Często szukamy w aptekach cudownych preparatów , które mają poprawić pracę naszego mózgu, naszą odporność czy pracę serca albo stan naszych włosów, skóry i paznokci. A wystarczy jeść ciecierzycę codziennie , a odżywimy nasz mózg, poprawimy odporność, wzmocnimy serce, zaś nasze włosy i oczy będą lśnić, z kolei skóra nabierze jędrności, gładkości i blasku.
Chyba więc nie muszę nikogo długo przekonywać, że warto wykorzystać ciecierzycę w codziennej kuchni.
Ziarno ciecierzycy stanowi bazę wielu potraw. Bardzo lubię ciecierzycę w chlebie, który dzięki niej zyskuje ciekawy, lekko orzechowy smak. Lubię też ją na chlebie w postaci tzw. humusu- pasty znanej w kuchni żydowskiej i arabskiej. Ale o tym innym razem.
Dziś będzie o chlebie. Oto przepis, który pochodzi z książki Małgorzaty Zielińskiej pt. "Domowa Piekarnia", wydawnictwo Olimp Media, 2010 r. Autorka jest również blogerką i właścicielką portalu o chlebie: www.chleb.info.pl
Z podanych poniżej składników piekę jeden niewielki bochenek chleba. Autorka proponuje pieczenie tego chleba w foremkach typu keksówka. Ja jednak wolę pieczywo w tradycyjnym kształcie.
CHLEB Z CIECIERZYCĄ
Składniki na ciasto chlebowe:
340 g ugotowanej ciecierzycy ( można użyć z puszki)
120 g mąki razowej pszennej typ 2000
230 g mąki pszennej typ 550
10 g drożdży świeżych lub 1,5 łyżeczki suszonych instant
ok. 200 g letniej wody (użyłam ok. 240, )
1 łyżka oleju (użyłam oliwy)
1 łyżka soli (użyłam 1,5 łyżeczki, przyp.
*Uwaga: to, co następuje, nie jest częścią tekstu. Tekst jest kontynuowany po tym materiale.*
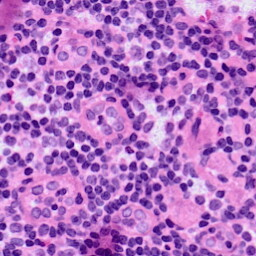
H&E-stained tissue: LymphNode
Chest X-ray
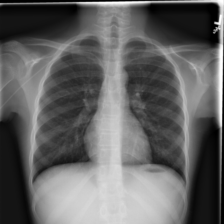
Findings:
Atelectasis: negative
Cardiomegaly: negative
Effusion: negative
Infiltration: negative
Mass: negative
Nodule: negative
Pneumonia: negative
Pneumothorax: negative
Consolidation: negative
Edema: negative
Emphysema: negative
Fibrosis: negative
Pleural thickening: negative
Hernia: negative
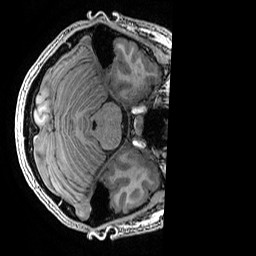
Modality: T1w
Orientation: axial
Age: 18
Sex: male
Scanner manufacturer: ge
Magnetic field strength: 3 T
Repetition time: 0.007 s
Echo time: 0.00342 s
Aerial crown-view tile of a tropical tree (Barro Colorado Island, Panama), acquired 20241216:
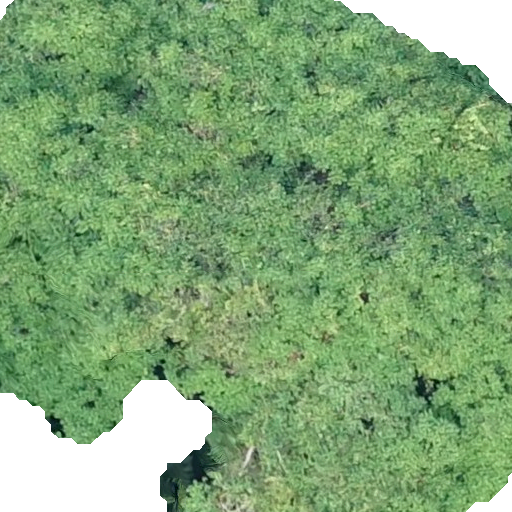
Species: Tachigali panamensis
GBIF accepted scientific name: Tachigali panamensis
Crown area: 480.104 m²
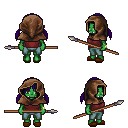
a pixel art fantasy rpg character, female body template, orc, green skin, maroon sleeveless shirt, teal pants, blue twin-tailed hairstyle, cloth hood, bracelets, brown slippers, spear, four views (front, back, left, right), 2x2 character sprite sheet, small pixel art, hard edges, no anti-aliasing
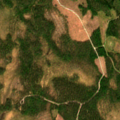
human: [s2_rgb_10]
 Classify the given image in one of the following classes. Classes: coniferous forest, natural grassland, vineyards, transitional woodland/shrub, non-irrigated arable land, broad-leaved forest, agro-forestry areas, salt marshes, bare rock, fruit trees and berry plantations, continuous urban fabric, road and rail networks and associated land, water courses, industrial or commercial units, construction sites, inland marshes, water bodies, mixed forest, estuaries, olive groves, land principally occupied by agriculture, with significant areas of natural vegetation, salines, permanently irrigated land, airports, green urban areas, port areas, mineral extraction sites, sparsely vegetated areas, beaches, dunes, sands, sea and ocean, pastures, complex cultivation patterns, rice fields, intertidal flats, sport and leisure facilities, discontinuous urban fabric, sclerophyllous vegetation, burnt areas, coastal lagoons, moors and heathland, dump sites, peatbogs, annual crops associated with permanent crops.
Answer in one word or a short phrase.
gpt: coniferous forest, transitional woodland/shrub
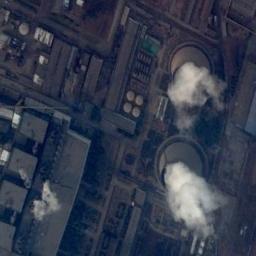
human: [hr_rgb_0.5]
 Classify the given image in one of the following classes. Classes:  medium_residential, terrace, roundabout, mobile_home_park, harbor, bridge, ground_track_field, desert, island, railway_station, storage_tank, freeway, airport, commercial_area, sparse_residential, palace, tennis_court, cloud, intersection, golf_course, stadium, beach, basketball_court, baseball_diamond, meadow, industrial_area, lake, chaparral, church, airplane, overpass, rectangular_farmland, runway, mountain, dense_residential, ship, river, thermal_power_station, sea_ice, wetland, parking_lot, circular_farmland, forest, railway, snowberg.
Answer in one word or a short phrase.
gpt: thermal_power_station
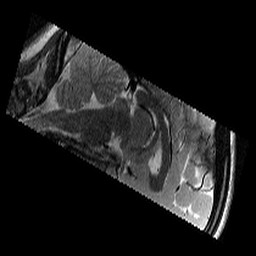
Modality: T2w
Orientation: sagittal
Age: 12
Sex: female
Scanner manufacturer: siemens
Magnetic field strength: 3 T
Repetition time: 9.23 s
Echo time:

L)
Wykonanie: (tutaj pozwoliłam sobie na drobną modyfikację przepisu wg Liski)
- Najpierw przelałam ciecierzycę z puszki na sito, odsączyłam z wody, a następnie przełożyłam do malaksera i roztarłam na prawie gładką masę.
- Wszystkie składniki ciasta połączyłam w misce i przy pomocy miksera z hakiem zagniotłam sprężyste ciasto.
- Ciasto przełożyłam do miski lekko posmarowanej oliwą, przykryłam ściereczką i odstawiłam do wyrastania na 1,5 godziny.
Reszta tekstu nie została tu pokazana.